Suspect utama kenapa ada pertanyaan tersebut adalah lingkungan yang homogen yang dimana mereka merasa bahwa kompas kebahagiaan adalah menikah sebelum umur sekian, setelah itu punya anak, punya cucu, dkk. Mereka tidak terbiasa dengan fenomena dimana ada beberapa orang yang sengaja tidak menikah cepat-cepat atau di umur 30 tahun belum menikah. Mungkin buat kamu itu normal, tapi sayangnya tidak buat mereka. Padahal rata-rata usia Oppa-Oppa Korea menikah untuk pertama kalinya adalah 33 hingga 34 tahun #ehh. Gampangnya gini, bayangkan kamu berada di lingkungan yang dari kecil hingga besar, rata-rata orang menikah di umur 22, tidak ada satupun orang yang belum menikah setelah umur 25 dan kamu tidak pernah terpapar referensi lain. Apa yang ada dipikiran kamu saat tau ada orang di umur 30-an belum menikah? Kemungkinan kamu pasti bertanya-bertanya, benar? Dan lebih jauh, kamu ada kemungkinan juga akan menasehatin dia.

Pada intinya, orang-orang yang bertanya atas kehidupan atau pilihan orang lain, kayak kapan nikah dkk, maennya kurang jauh aja, alhasil definisi kehidupan ideal ya hanya sebatas pengetahuannya dia saja. Kurang lebih flow pemikiran nya dia gini: Si X kok gak sesuai dengan standart ideal hidup baik versi saya –> Tanya karena penasaran –> Menasehatin.

Jadi ya dimaklumin aja, dan bersyukur kalau ternyata maen-mu lebih jauh 🙂

Kenapa Sering Terjadi Kepada Wanita?

Nah, entah kenapa pertanyaan “Kapan Nikah” mostly terjadi kepada kaum wanita daripada pria. Kenapa? Dari artikel yang pernah saya baca mengatakan bahwa cewek memang selalu lebih kompetitif atau merasa tersaingin oleh cewek juga. Di jurnal “Do human females use indirect aggression as an intrasexual competition strategy?” mengungkapkan kalau wanita cenderung suka menyerang wanita lainnya. Serangan ini berbentuk self promotion (promosi diri) di mana di akan membuat dirinya terlihat lebih menarik dan derogation of rivals (penghinaan terhadap musuh), alias jadi menghina atau menjatuhkan wanita lain dengan kasar.

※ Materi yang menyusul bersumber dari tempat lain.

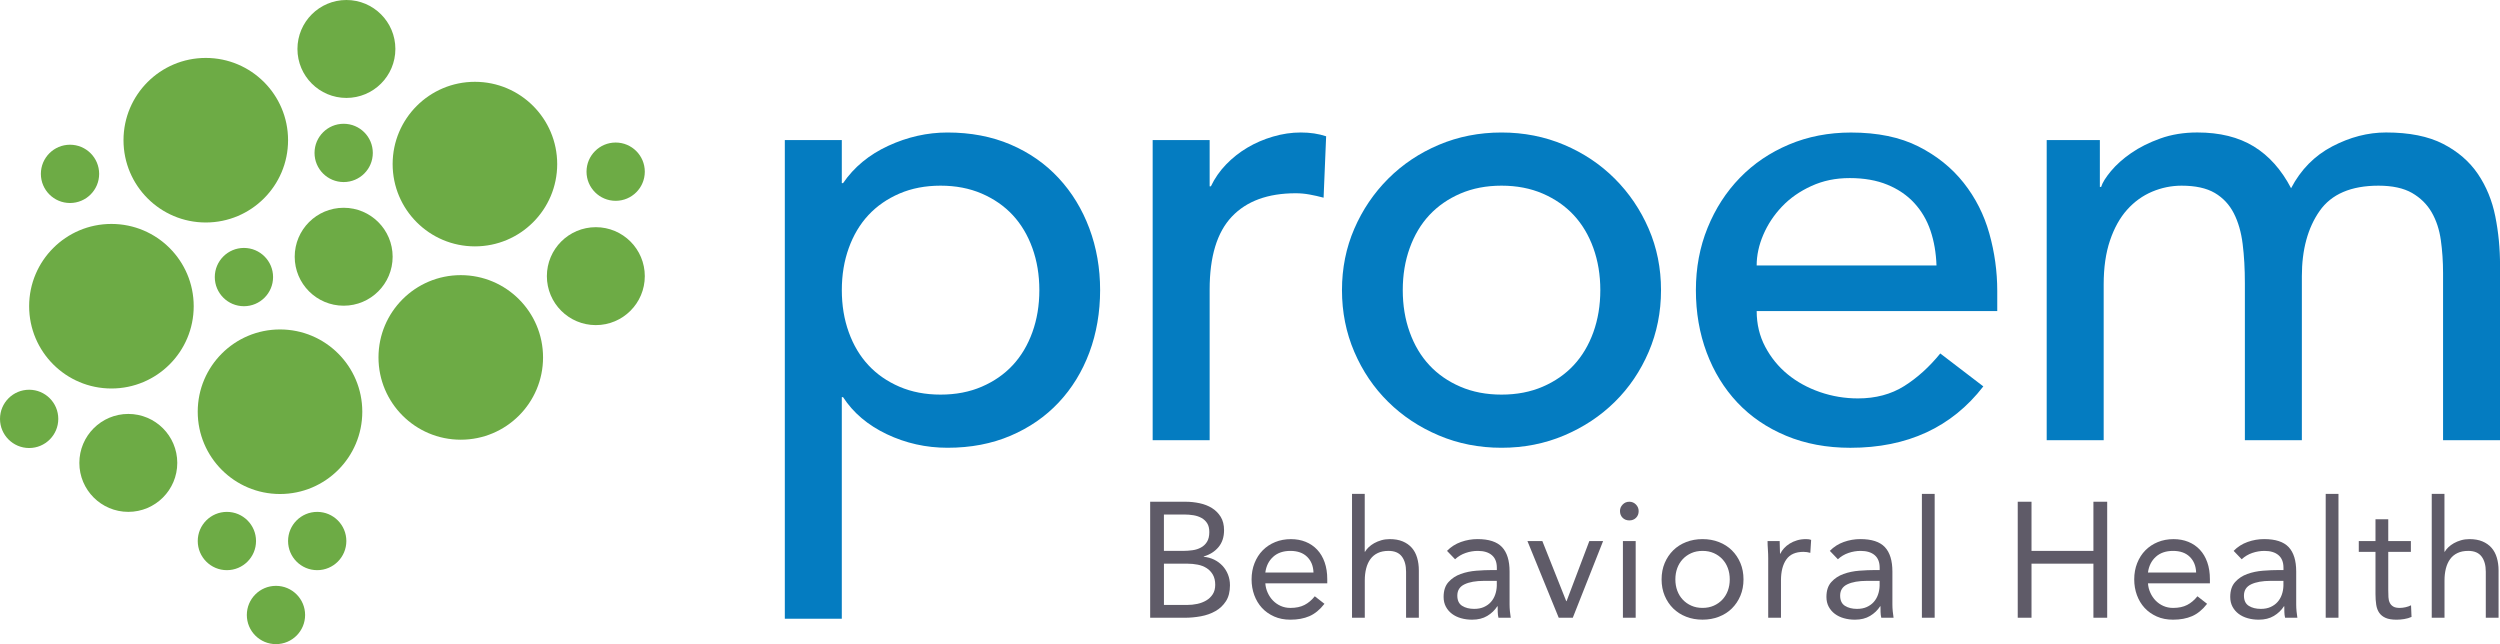 <?xml version="1.0" encoding="UTF-8"?><svg id="Layer_1" xmlns="http://www.w3.org/2000/svg" viewBox="0 0 1268.8 326.92"><defs><style>.cls-1{fill:#047cc1;}.cls-2{fill:#6dab45;}.cls-3{fill:#5f5b68;}</style></defs><g><g><path class="cls-1" d="M398.31,71.09h28.92v21.86h.64c5.57-8.14,13.22-14.46,22.98-18.96,9.74-4.49,19.76-6.74,30.04-6.74,11.78,0,22.44,2.04,31.97,6.1,9.53,4.08,17.67,9.75,24.42,17.03,6.75,7.28,11.94,15.8,15.59,25.54,3.64,9.75,5.46,20.2,5.46,31.33s-1.82,21.91-5.46,31.65c-3.64,9.74-8.84,18.21-15.59,25.39-6.74,7.17-14.89,12.8-24.42,16.86-9.54,4.07-20.2,6.1-31.97,6.1-10.92,0-21.21-2.31-30.85-6.9-9.64-4.6-17.03-10.88-22.17-18.79h-.64v112.47h-28.92V71.09Zm79.05,23.14c-7.72,0-14.68,1.34-20.89,4.01-6.21,2.69-11.46,6.33-15.74,10.93-4.29,4.61-7.61,10.18-9.96,16.71-2.36,6.53-3.53,13.65-3.53,21.37s1.17,14.83,3.53,21.37c2.35,6.54,5.67,12.11,9.96,16.71,4.28,4.61,9.53,8.25,15.74,10.93,6.21,2.68,13.17,4.01,20.89,4.01s14.67-1.33,20.89-4.01c6.21-2.68,11.46-6.32,15.74-10.93,4.28-4.6,7.6-10.17,9.96-16.71,2.36-6.53,3.54-13.65,3.54-21.37s-1.18-14.83-3.54-21.37c-2.36-6.53-5.68-12.1-9.96-16.71-4.28-4.6-9.53-8.24-15.74-10.93-6.22-2.67-13.17-4.01-20.89-4.01Z"/><path class="cls-1" d="M585,71.09h28.92v23.46h.64c1.93-4.07,4.5-7.76,7.71-11.09,3.21-3.32,6.8-6.15,10.77-8.51,3.96-2.36,8.3-4.24,13.01-5.62,4.71-1.4,9.42-2.09,14.14-2.09s9,.64,12.85,1.93l-1.29,31.16c-2.36-.64-4.72-1.17-7.07-1.6-2.36-.43-4.71-.65-7.07-.65-14.14,0-24.96,3.97-32.45,11.89-7.5,7.93-11.24,20.25-11.24,36.96v76.48h-28.92V71.09Z"/><path class="cls-1" d="M681.08,147.25c0-11.13,2.09-21.53,6.26-31.16,4.18-9.65,9.91-18.1,17.19-25.39,7.28-7.28,15.85-13.02,25.7-17.19,9.85-4.17,20.46-6.26,31.81-6.26s21.95,2.09,31.81,6.26c9.85,4.17,18.42,9.91,25.7,17.19,7.28,7.29,13.01,15.74,17.19,25.39,4.18,9.64,6.26,20.03,6.26,31.16s-2.09,21.59-6.26,31.33c-4.18,9.74-9.91,18.21-17.19,25.38-7.28,7.18-15.85,12.86-25.7,17.03-9.86,4.18-20.46,6.26-31.81,6.26s-21.96-2.08-31.81-6.26c-9.86-4.17-18.43-9.85-25.7-17.03-7.28-7.17-13.01-15.63-17.19-25.38-4.18-9.74-6.26-20.19-6.26-31.33Zm30.85,0c0,7.72,1.17,14.83,3.53,21.37,2.35,6.54,5.67,12.11,9.96,16.71,4.28,4.61,9.53,8.25,15.75,10.93,6.21,2.68,13.17,4.01,20.89,4.01s14.67-1.33,20.89-4.01c6.21-2.68,11.46-6.32,15.75-10.93,4.28-4.6,7.6-10.17,9.96-16.71,2.35-6.53,3.53-13.65,3.53-21.37s-1.18-14.83-3.53-21.37c-2.36-6.53-5.68-12.1-9.96-16.71-4.29-4.6-9.54-8.24-15.75-10.93-6.22-2.67-13.17-4.01-20.89-4.01s-14.67,1.34-20.89,4.01c-6.22,2.69-11.46,6.33-15.75,10.93-4.29,4.61-7.61,10.18-9.96,16.71-2.36,6.53-3.53,13.65-3.53,21.37Z"/><path class="cls-1" d="M891.55,157.86c0,6.64,1.45,12.69,4.34,18.15,2.89,5.46,6.69,10.12,11.4,13.98,4.71,3.85,10.18,6.85,16.39,9,6.21,2.15,12.64,3.21,19.28,3.21,9,0,16.81-2.09,23.46-6.26,6.63-4.18,12.74-9.69,18.31-16.55l21.85,16.71c-16.07,20.78-38.56,31.16-67.48,31.16-12,0-22.87-2.04-32.61-6.1-9.75-4.07-17.99-9.69-24.74-16.86-6.75-7.18-11.94-15.65-15.59-25.39-3.64-9.74-5.46-20.3-5.46-31.65s1.97-21.9,5.94-31.65c3.96-9.74,9.42-18.21,16.39-25.38,6.96-7.18,15.26-12.8,24.9-16.87,9.64-4.07,20.13-6.1,31.49-6.1,13.5,0,24.9,2.36,34.23,7.07,9.32,4.72,16.97,10.88,22.97,18.48,6,7.6,10.34,16.17,13.01,25.7,2.67,9.54,4.02,19.23,4.02,29.08v10.29h-122.11Zm91.26-23.14c-.22-6.42-1.24-12.32-3.05-17.67-1.82-5.36-4.56-10.01-8.2-13.98-3.64-3.96-8.19-7.07-13.66-9.32s-11.84-3.37-19.12-3.37-13.55,1.33-19.44,4.01c-5.9,2.68-10.88,6.16-14.95,10.45-4.07,4.28-7.23,9.05-9.48,14.3-2.25,5.25-3.37,10.44-3.37,15.58h91.26Z"/><path class="cls-1" d="M1038.73,71.09h26.99v23.78h.65c.64-2.13,2.3-4.81,4.98-8.03,2.68-3.22,6.1-6.28,10.28-9.17,4.18-2.89,9.1-5.35,14.78-7.39,5.67-2.04,11.94-3.05,18.8-3.05,11.35,0,20.89,2.36,28.6,7.07,7.72,4.72,14.03,11.78,18.96,21.22,4.93-9.43,11.89-16.5,20.89-21.22,9-4.71,18.1-7.07,27.32-7.07,11.78,0,21.42,1.93,28.92,5.78,7.49,3.85,13.38,8.94,17.67,15.26,4.28,6.32,7.23,13.5,8.84,21.53,1.61,8.04,2.41,16.34,2.41,24.91v88.69h-28.92v-84.83c0-5.78-.38-11.36-1.13-16.71-.75-5.35-2.31-10.06-4.66-14.13-2.36-4.07-5.68-7.34-9.96-9.81-4.29-2.45-9.96-3.69-17.03-3.69-13.93,0-23.89,4.29-29.88,12.85-6,8.58-9,19.61-9,33.11v83.22h-28.92v-79.69c0-7.28-.37-13.93-1.13-19.93-.75-6-2.25-11.2-4.5-15.58-2.25-4.39-5.46-7.82-9.64-10.29-4.18-2.45-9.8-3.69-16.87-3.69-5.14,0-10.12,1.02-14.94,3.05-4.82,2.04-9.05,5.09-12.69,9.16-3.65,4.08-6.54,9.27-8.68,15.59-2.15,6.32-3.21,13.77-3.21,22.33v79.05h-28.92V71.09Z"/></g><g><path class="cls-3" d="M583.73,254.64h17.96c2.43,0,4.82,.26,7.15,.76,2.33,.49,4.41,1.31,6.24,2.44,1.83,1.14,3.31,2.63,4.45,4.45,1.13,1.84,1.7,4.11,1.7,6.82,0,3.44-.93,6.28-2.79,8.52-1.86,2.25-4.36,3.84-7.52,4.78v.17c1.88,.17,3.64,.65,5.28,1.45,1.64,.81,3.05,1.85,4.24,3.12,1.19,1.28,2.12,2.76,2.79,4.45,.67,1.7,1,3.51,1,5.45,0,3.27-.68,5.96-2.04,8.06-1.36,2.11-3.13,3.79-5.32,5.03-2.19,1.25-4.66,2.12-7.4,2.63-2.74,.5-5.47,.75-8.19,.75h-17.55v-58.87Zm6.99,24.95h9.64c1.66,0,3.29-.12,4.87-.34,1.58-.21,3-.67,4.28-1.37,1.28-.69,2.3-1.66,3.08-2.91,.77-1.25,1.16-2.89,1.16-4.94,0-1.84-.36-3.32-1.08-4.45-.72-1.14-1.68-2.04-2.87-2.7-1.2-.67-2.55-1.12-4.08-1.38-1.53-.25-3.06-.37-4.62-.37h-10.39v18.46Zm0,27.43h11.8c1.72,0,3.43-.17,5.12-.53,1.69-.36,3.21-.95,4.57-1.75,1.36-.8,2.45-1.86,3.29-3.16,.83-1.3,1.25-2.89,1.25-4.78,0-2.05-.41-3.77-1.21-5.15-.81-1.39-1.86-2.5-3.16-3.32-1.31-.83-2.8-1.42-4.49-1.75-1.69-.33-3.42-.5-5.2-.5h-11.97v20.95Z"/><path class="cls-3" d="M672.19,306.44c-2.33,2.99-4.88,5.08-7.65,6.28-2.77,1.2-5.99,1.78-9.64,1.78-3.05,0-5.8-.53-8.23-1.61-2.44-1.09-4.5-2.54-6.19-4.36-1.69-1.84-2.99-3.99-3.91-6.49-.91-2.5-1.37-5.15-1.37-7.98,0-2.99,.5-5.75,1.5-8.27,1-2.52,2.38-4.69,4.16-6.49,1.77-1.79,3.88-3.2,6.32-4.19,2.44-1,5.1-1.49,7.98-1.49,2.71,0,5.21,.45,7.48,1.37,2.27,.92,4.23,2.25,5.86,3.99,1.64,1.75,2.9,3.88,3.78,6.4,.89,2.52,1.33,5.39,1.33,8.6v2.08h-31.43c.11,1.66,.51,3.26,1.21,4.78,.69,1.53,1.59,2.86,2.7,3.99s2.41,2.04,3.91,2.7c1.49,.66,3.13,1,4.9,1,2.83,0,5.21-.5,7.15-1.5,1.94-.99,3.68-2.47,5.23-4.41l4.91,3.83Zm-5.57-15.88c-.11-3.33-1.2-5.99-3.24-7.98-2.05-2-4.88-2.99-8.48-2.99s-6.52,.99-8.73,2.99c-2.22,2-3.55,4.65-3.99,7.98h24.44Z"/><path class="cls-3" d="M686.15,250.66h6.48v29.35h.17c.44-.78,1.06-1.55,1.83-2.29,.78-.75,1.71-1.42,2.79-2.04,1.08-.61,2.29-1.1,3.62-1.49,1.33-.38,2.74-.58,4.24-.58,2.55,0,4.75,.38,6.61,1.16,1.86,.78,3.39,1.86,4.62,3.24,1.22,1.38,2.12,3.06,2.7,5.03,.58,1.96,.88,4.11,.88,6.45v24.02h-6.48v-23.36c0-3.27-.73-5.85-2.17-7.74-1.44-1.88-3.68-2.82-6.73-2.82-2.1,0-3.92,.35-5.44,1.08-1.53,.72-2.77,1.74-3.74,3.07-.97,1.33-1.69,2.91-2.16,4.74-.47,1.84-.71,3.85-.71,6.07v18.95h-6.48v-62.85Z"/><path class="cls-3" d="M734.38,279.59c2-2.06,4.36-3.56,7.11-4.54,2.74-.97,5.53-1.45,8.35-1.45,5.77,0,9.93,1.36,12.48,4.07,2.55,2.72,3.82,6.85,3.82,12.39v16.71c0,1.11,.06,2.26,.17,3.45,.11,1.2,.25,2.29,.42,3.29h-6.23c-.22-.89-.35-1.87-.37-2.96-.03-1.08-.04-2.03-.04-2.86h-.17c-1.28,2-2.98,3.63-5.11,4.9-2.13,1.28-4.7,1.91-7.69,1.91-2,0-3.86-.25-5.61-.75-1.75-.49-3.27-1.23-4.57-2.2-1.3-.97-2.34-2.18-3.12-3.62-.77-1.44-1.16-3.11-1.16-4.98,0-3.22,.83-5.74,2.5-7.57,1.66-1.84,3.72-3.19,6.19-4.08,2.47-.89,5.13-1.44,7.98-1.66s5.47-.33,7.86-.33h2.49v-1.16c0-2.83-.84-4.96-2.53-6.4-1.69-1.44-4.06-2.16-7.11-2.16-2.11,0-4.17,.34-6.2,1.04s-3.81,1.76-5.36,3.2l-4.08-4.24Zm18.79,15.21c-4.16,0-7.45,.59-9.89,1.75-2.44,1.16-3.66,3.07-3.66,5.73,0,2.44,.82,4.17,2.45,5.2,1.63,1.02,3.67,1.54,6.11,1.54,1.88,0,3.53-.31,4.95-.95,1.41-.64,2.59-1.48,3.53-2.54,.94-1.05,1.66-2.28,2.16-3.7,.5-1.41,.78-2.91,.83-4.53v-2.5h-6.48Z"/><path class="cls-3" d="M798.23,313.5h-7.15l-15.88-38.91h7.57l12.13,30.51h.17l11.55-30.51h6.99l-15.38,38.91Z"/><path class="cls-3" d="M822.17,259.39c0-1.28,.45-2.39,1.37-3.33,.91-.94,2.03-1.42,3.37-1.42s2.45,.48,3.37,1.42c.91,.94,1.37,2.05,1.37,3.33,0,1.38-.44,2.52-1.33,3.4-.89,.89-2.02,1.33-3.4,1.33s-2.52-.45-3.41-1.33c-.89-.89-1.33-2.03-1.33-3.4Zm1.49,15.21h6.48v38.91h-6.48v-38.91Z"/><path class="cls-3" d="M843.29,294.05c0-3.04,.53-5.82,1.58-8.31,1.06-2.5,2.5-4.64,4.33-6.45,1.82-1.79,4.01-3.2,6.56-4.19,2.55-1,5.33-1.49,8.31-1.49s5.77,.49,8.32,1.49c2.55,.99,4.74,2.4,6.56,4.19,1.83,1.8,3.27,3.95,4.33,6.45,1.05,2.5,1.58,5.27,1.58,8.31s-.53,5.82-1.58,8.31c-1.06,2.5-2.5,4.64-4.33,6.45-1.82,1.8-4.02,3.2-6.56,4.19-2.55,1-5.33,1.49-8.32,1.49s-5.76-.49-8.31-1.49c-2.55-.99-4.74-2.39-6.56-4.19-1.83-1.8-3.27-3.95-4.33-6.45-1.05-2.5-1.58-5.26-1.58-8.31Zm6.99,0c0,2.05,.32,3.95,.96,5.7,.64,1.74,1.57,3.27,2.79,4.57,1.22,1.3,2.67,2.33,4.36,3.07,1.69,.76,3.59,1.13,5.69,1.13s4.01-.37,5.7-1.13c1.69-.75,3.14-1.77,4.36-3.07,1.22-1.3,2.15-2.83,2.79-4.57,.64-1.75,.96-3.65,.96-5.7s-.32-3.95-.96-5.7c-.64-1.74-1.57-3.27-2.79-4.57-1.22-1.3-2.68-2.33-4.36-3.07-1.69-.75-3.59-1.12-5.7-1.12s-4,.37-5.69,1.12c-1.69,.75-3.14,1.77-4.36,3.07-1.22,1.3-2.15,2.83-2.79,4.57-.64,1.75-.96,3.65-.96,5.7Z"/><path class="cls-3" d="M897.41,283.83c0-1.77-.06-3.44-.17-4.99-.11-1.55-.17-2.96-.17-4.24h6.15c0,1.06,.03,2.11,.08,3.16,.05,1.06,.09,2.13,.09,3.24h.17c.44-.94,1.07-1.86,1.87-2.74,.81-.89,1.76-1.68,2.87-2.37,1.11-.69,2.35-1.25,3.74-1.66,1.39-.42,2.88-.62,4.49-.62,.44,0,.89,.02,1.33,.07,.44,.06,.89,.17,1.33,.34l-.42,6.56c-1.11-.33-2.27-.5-3.49-.5-3.99,0-6.89,1.29-8.69,3.87-1.8,2.57-2.71,6.1-2.71,10.6v18.95h-6.48v-29.68Z"/><path class="cls-3" d="M928.67,279.59c2-2.06,4.36-3.56,7.11-4.54,2.74-.97,5.53-1.45,8.35-1.45,5.77,0,9.93,1.36,12.48,4.07,2.55,2.72,3.82,6.85,3.82,12.39v16.71c0,1.11,.06,2.26,.17,3.45,.11,1.2,.25,2.29,.42,3.29h-6.23c-.22-.89-.35-1.87-.37-2.96-.03-1.08-.04-2.03-.04-2.86h-.17c-1.28,2-2.98,3.63-5.11,4.9-2.13,1.28-4.7,1.91-7.69,1.91-2,0-3.86-.25-5.61-.75-1.75-.49-3.27-1.23-4.57-2.2-1.3-.97-2.34-2.18-3.12-3.62-.77-1.44-1.16-3.11-1.16-4.98,0-3.22,.83-5.74,2.5-7.57,1.66-1.84,3.72-3.19,6.19-4.08,2.47-.89,5.13-1.44,7.98-1.66,2.85-.22,5.47-.33,7.86-.33h2.49v-1.16c0-2.83-.84-4.96-2.53-6.4-1.69-1.44-4.06-2.16-7.11-2.16-2.11,0-4.17,.34-6.2,1.04-2.02,.69-3.81,1.76-5.36,3.2l-4.08-4.24Zm18.79,15.21c-4.16,0-7.45,.59-9.89,1.75-2.44,1.16-3.66,3.07-3.66,5.73,0,2.44,.82,4.17,2.45,5.2,1.63,1.02,3.67,1.54,6.11,1.54,1.88,0,3.53-.31,4.95-.95,1.41-.64,2.59-1.48,3.53-2.54,.94-1.05,1.66-2.28,2.16-3.7,.5-1.41,.78-2.91,.83-4.53v-2.5h-6.48Z"/><path class="cls-3" d="M975.4,250.66h6.48v62.85h-6.48v-62.85Z"/><path class="cls-3" d="M1024.04,254.64h6.99v24.95h31.42v-24.95h6.99v58.87h-6.99v-27.44h-31.42v27.44h-6.99v-58.87Z"/><path class="cls-3" d="M1120.15,306.44c-2.33,2.99-4.88,5.08-7.65,6.28-2.77,1.2-5.99,1.78-9.64,1.78-3.05,0-5.8-.53-8.23-1.61-2.44-1.09-4.5-2.54-6.19-4.36-1.69-1.84-2.99-3.99-3.91-6.49-.91-2.5-1.37-5.15-1.37-7.98,0-2.99,.5-5.75,1.5-8.27,1-2.52,2.38-4.69,4.16-6.49,1.77-1.79,3.88-3.2,6.32-4.19,2.44-1,5.1-1.49,7.98-1.49,2.71,0,5.21,.45,7.48,1.37,2.27,.92,4.23,2.25,5.86,3.99,1.64,1.75,2.9,3.88,3.78,6.4,.89,2.52,1.33,5.39,1.33,8.6v2.08h-31.43c.11,1.66,.51,3.26,1.21,4.78,.69,1.53,1.59,2.86,2.7,3.99,1.11,1.13,2.41,2.04,3.91,2.7,1.49,.66,3.13,1,4.9,1,2.83,0,5.21-.5,7.15-1.5,1.94-.99,3.68-2.47,5.23-4.41l4.91,3.83Zm-5.57-15.88c-.11-3.33-1.2-5.99-3.24-7.98-2.05-2-4.88-2.99-8.48-2.99s-6.52,.99-8.73,2.99c-2.22,2-3.55,4.65-3.99,7.98h24.44Z"/><path class="cls-3" d="M1133.61,279.59c2-2.06,4.36-3.56,7.11-4.54,2.74-.97,5.53-1.45,8.35-1.45,5.77,0,9.93,1.36,12.48,4.07,2.55,2.72,3.82,6.85,3.82,12.39v16.71c0,1.11,.06,2.26,.17,3.45,.11,1.2,.25,2.29,.42,3.29h-6.23c-.22-.89-.35-1.87-.37-2.96-.03-1.08-.04-2.03-.04-2.86h-.17c-1.28,2-2.98,3.63-5.11,4.9-2.13,1.28-4.7,1.91-7.69,1.91-2,0-3.86-.25-5.61-.75-1.75-.49-3.27-1.23-4.57-2.2-1.3-.97-2.34-2.18-3.12-3.62-.77-1.44-1.16-3.11-1.16-4.98,0-3.22,.83-5.74,2.5-7.57,1.66-1.84,3.72-3.19,6.19-4.08,2.47-.89,5.13-1.44,7.98-1.66,2.85-.22,5.47-.33,7.86-.33h2.49v-1.16c0-2.83-.84-4.96-2.53-6.4-1.69-1.44-4.06-2.16-7.11-2.16-2.11,0-4.17,.34-6.2,1.04-2.02,.69-3.81,1.76-5.36,3.2l-4.08-4.24Zm18.79,15.21c-4.16,0-7.45,.59-9.89,1.75-2.44,1.16-3.66,3.07-3.66,5.73,0,2.44,.82,4.17,2.45,5.2,1.63,1.02,3.67,1.54,6.11,1.54,1.88,0,3.53-.31,4.95-.95,1.41-.64,2.59-1.48,3.53-2.54,.94-1.05,1.66-2.28,2.16-3.7,.5-1.41,.78-2.91,.83-4.53v-2.5h-6.48Z"/><path class="cls-3" d="M1180.34,250.66h6.48v62.85h-6.48v-62.85Z"/><path class="cls-3" d="M1223.57,280.08h-11.48v19.46c0,1.28,.03,2.45,.09,3.53,.05,1.09,.28,2.03,.67,2.83,.38,.81,.97,1.44,1.74,1.91,.77,.48,1.88,.72,3.32,.72,.94,0,1.91-.12,2.91-.34,1-.21,1.94-.54,2.83-.99l.25,5.9c-1.11,.5-2.34,.86-3.7,1.08-1.36,.22-2.65,.33-3.87,.33-2.33,0-4.18-.3-5.57-.91-1.39-.61-2.47-1.47-3.24-2.58-.78-1.11-1.29-2.48-1.54-4.11-.25-1.63-.37-3.46-.37-5.45v-21.37h-8.48v-5.49h8.48v-11.06h6.48v11.06h11.48v5.49Z"/><path class="cls-3" d="M1234.13,250.66h6.48v29.35h.17c.44-.78,1.06-1.55,1.83-2.29,.78-.75,1.71-1.42,2.79-2.04,1.08-.61,2.29-1.1,3.62-1.49,1.33-.38,2.74-.58,4.24-.58,2.55,0,4.75,.38,6.61,1.16,1.86,.78,3.39,1.86,4.62,3.24,1.22,1.38,2.12,3.06,2.7,5.03,.58,1.96,.88,4.11,.88,6.45v24.02h-6.48v-23.36c0-3.27-.73-5.85-2.17-7.74-1.44-1.88-3.68-2.82-6.73-2.82-2.1,0-3.92,.35-5.44,1.08-1.53,.72-2.77,1.74-3.74,3.07-.97,1.33-1.69,2.91-2.16,4.74-.47,1.84-.71,3.85-.71,6.07v18.95h-6.48v-62.85Z"/></g></g><g><circle class="cls-2" cx="115.15" cy="274.58" r="14.79"/><circle class="cls-2" cx="160.99" cy="274.58" r="14.79"/><circle class="cls-2" cx="140.06" cy="312.12" r="14.79"/><circle class="cls-2" cx="312.46" cy="87.13" r="14.79"/><circle class="cls-2" cx="123.8" cy="140.62" r="14.79"/><circle class="cls-2" cx="35.53" cy="88.24" r="14.79"/><circle class="cls-2" cx="14.79" cy="212.59" r="14.79"/><circle class="cls-2" cx="174.42" cy="77.61" r="14.79"/><circle class="cls-2" cx="65.12" cy="234.93" r="24.85"/><circle class="cls-2" cx="175.81" cy="24.85" r="24.85"/><circle class="cls-2" cx="302.4" cy="140.15" r="24.85"/><circle class="cls-2" cx="174.42" cy="130.3" r="24.85"/><circle class="cls-2" cx="142.11" cy="208.96" r="41.76"/><circle class="cls-2" cx="104.44" cy="71.16" r="41.76"/><circle class="cls-2" cx="241.03" cy="83.28" r="41.76"/><circle class="cls-2" cx="233.85" cy="181.4" r="41.76"/><circle class="cls-2" cx="56.55" cy="155.41" r="41.76"/></g></svg>

Bisa jadi seseorang membuat pertanyaan yang dia sudah tahu jawabannya kayak “kapan nikah?” untuk melegitimasi diri bahwa dia lebih baik dari orang tersebut

Tanya Apa Dong Untuk Basa Basi?

Terus harus tanya apa untuk basa-basi? sebenarnya saat bertamu banyak topik pembicaraan lain seperti, (1) Rumahnya bagus ya, nyaman banget, ini yang design siapa? (2) Kalau di ruang tamu ada foto lagi jalan-jalan, maka bisa bahas itu (3) ataupun prestasi si tuan rumah. Untuk beberapa kasus, tidak jarang saya menyempatkan 5-10 menit untuk “kepo-in” tuan rumah, untuk bahan pembicaraan yang menarik.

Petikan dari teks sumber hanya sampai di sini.